■ **Required action**
An exact copy of every record below is required, with the pictures left out.

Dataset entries
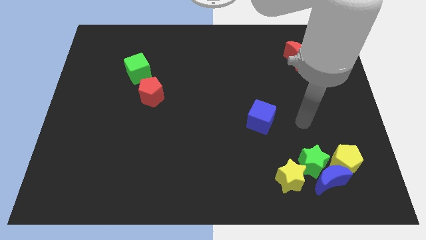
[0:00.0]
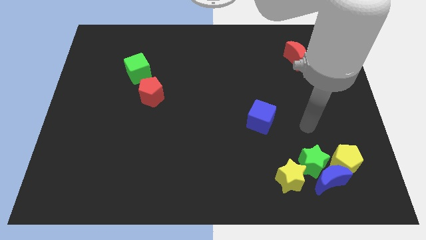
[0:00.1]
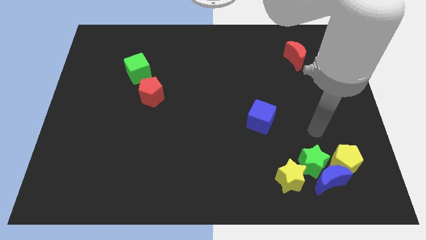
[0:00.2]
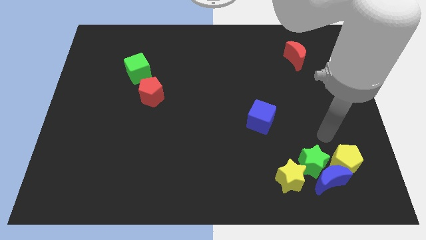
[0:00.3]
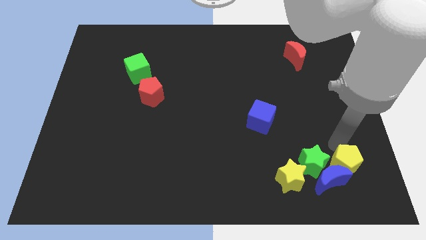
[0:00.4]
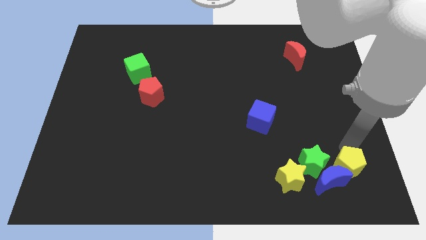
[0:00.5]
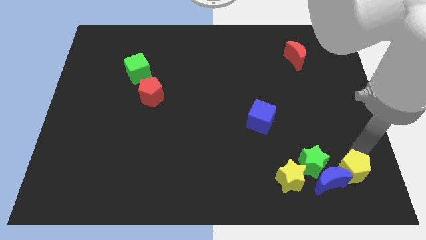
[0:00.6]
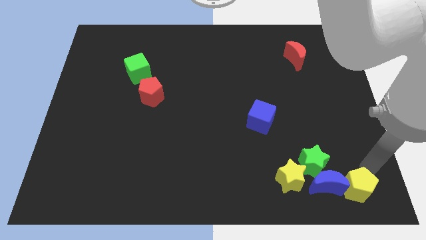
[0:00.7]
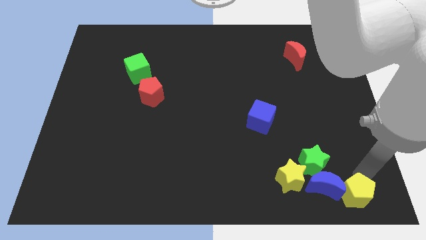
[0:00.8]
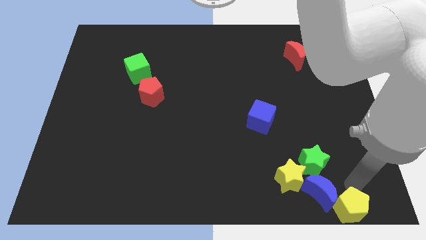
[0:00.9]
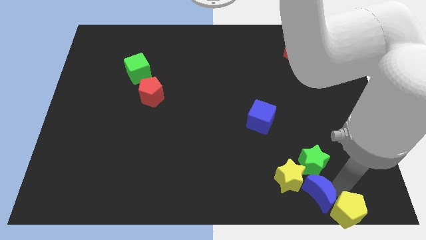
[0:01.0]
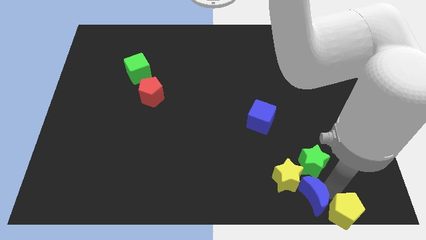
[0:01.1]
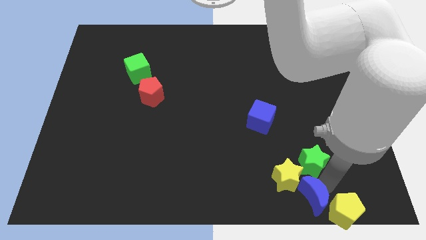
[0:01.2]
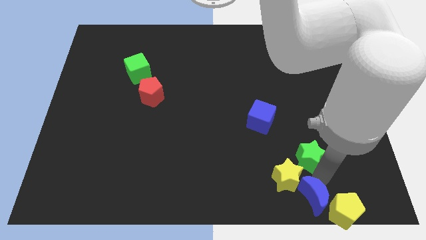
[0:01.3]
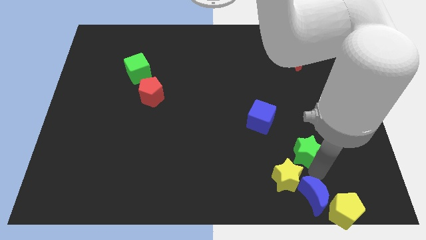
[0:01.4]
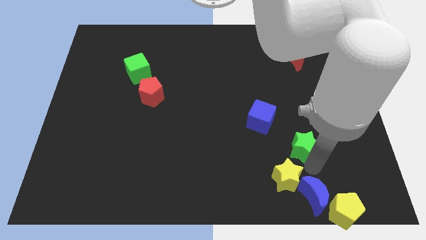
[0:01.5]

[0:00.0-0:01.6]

■ **Exercise output**
[0:00.0]
[0:00.1]
[0:00.2]
[0:00.3]
[0:00.4]
[0:00.5]
[0:00.6]
[0:00.7]
[0:00.8]
[0:00.9]
[0:01.0]
[0:01.1]
[0:01.2]
[0:01.3]
[0:01.4]
[0:01.5]

[0:00.0-0:01.6]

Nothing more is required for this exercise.